DESCRIPTION OF THE TASK: Output a faithful copy of the entries, every picture removed.

*** DATA LISTING Section Begins ***

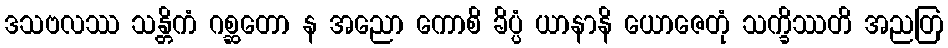
ဒသဗလဿ သန္တိကံ ဂစ္ဆတော န အညော ကောစိ ခိပ္ပံ ယာနာနိ ယောဇေတုံ သက္ခိဿတိ အညတြ
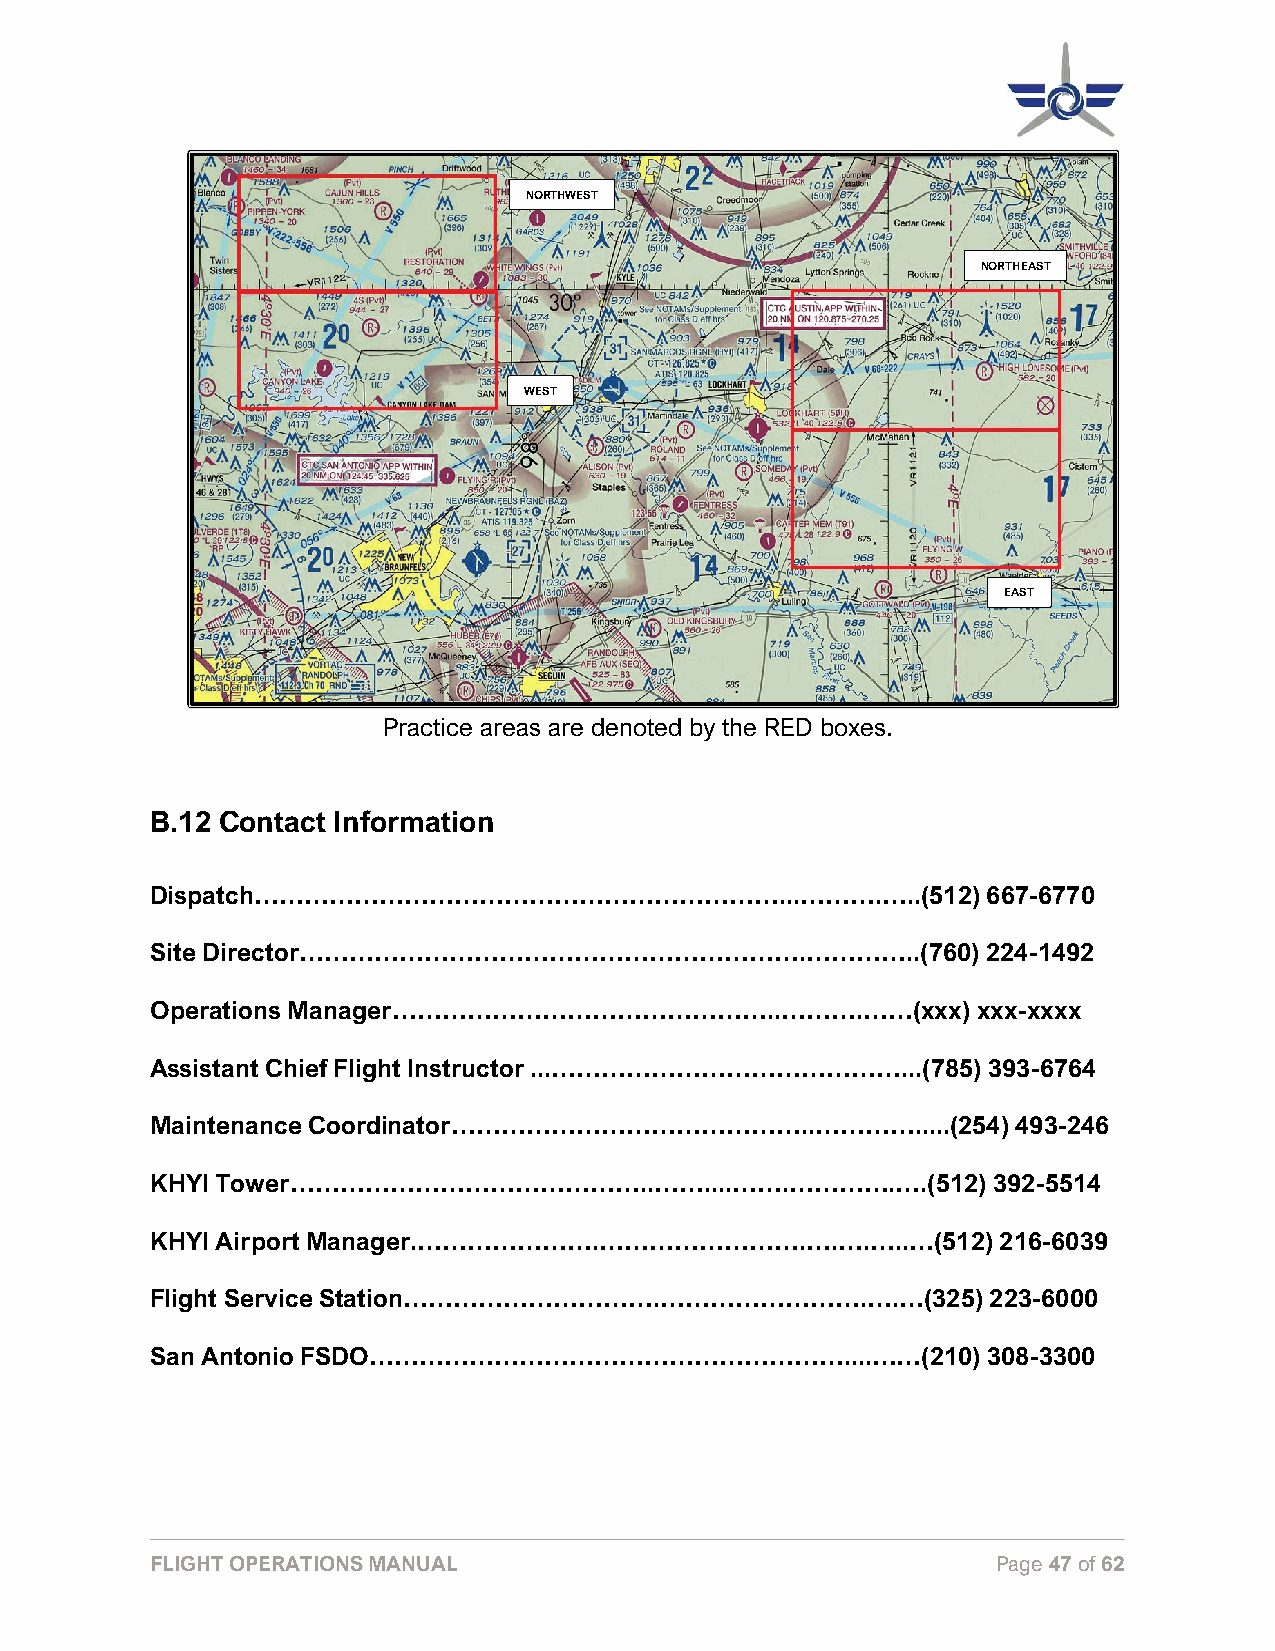
NORTHWEST
 NORTHEAST
 WEST
 EAST
 Practice areas are denoted by the RED boxes.
 B.12 Contact Information
 Dispatch………………………………………………………...……….…..(512)           667-6770
 Site Director…………………………………………………….…………..(760)          224-1492
 Operations Manager………………………………………..……….……(xxx)         xxx-xxxx
 Assistant Chief Flight Instructor ...……………………………………...(785) 393-6764
 Maintenance Coordinator……………………………………..………….....(254)    493-246
 KHYI Tower……………………………………..……....…….………….….(512)         392-5514
 KHYI Airport Manager.………………….…………………….….….…..…(512)     216-6039
 Flight Service Station………………………….…………………….….…(325)      223-6000
 San Antonio FSDO…………………………………………………....……(210)         308-3300
 FLIGHT OPERATIONS MANUAL                                Page 47 of 62

*** DATA LISTING Section Ends ***

TASK SOLUTION:
ဒသဗလဿ သန္တိကံ ဂစ္ဆတော န အညော ကောစိ ခိပ္ပံ ယာနာနိ ယောဇေတုံ သက္ခိဿတိ အညတြ
NORTHWEST
 NORTHEAST
 WEST
 EAST
 Practice areas are denoted by the RED boxes.
 B.12 Contact Information
 Dispatch………………………………………………………...……….…..(512)           667-6770
 Site Director…………………………………………………….…………..(760)          224-1492
 Operations Manager………………………………………..……….……(xxx)         xxx-xxxx
 Assistant Chief Flight Instructor ...……………………………………...(785) 393-6764
 Maintenance Coordinator……………………………………..………….....(254)    493-246
 KHYI Tower……………………………………..……....…….………….….(512)         392-5514
 KHYI Airport Manager.………………….…………………….….….…..…(512)     216-6039
 Flight Service Station………………………….…………………….….…(325)      223-6000
 San Antonio FSDO…………………………………………………....……(210)         308-3300
 FLIGHT OPERATIONS MANUAL                                Page 47 of 62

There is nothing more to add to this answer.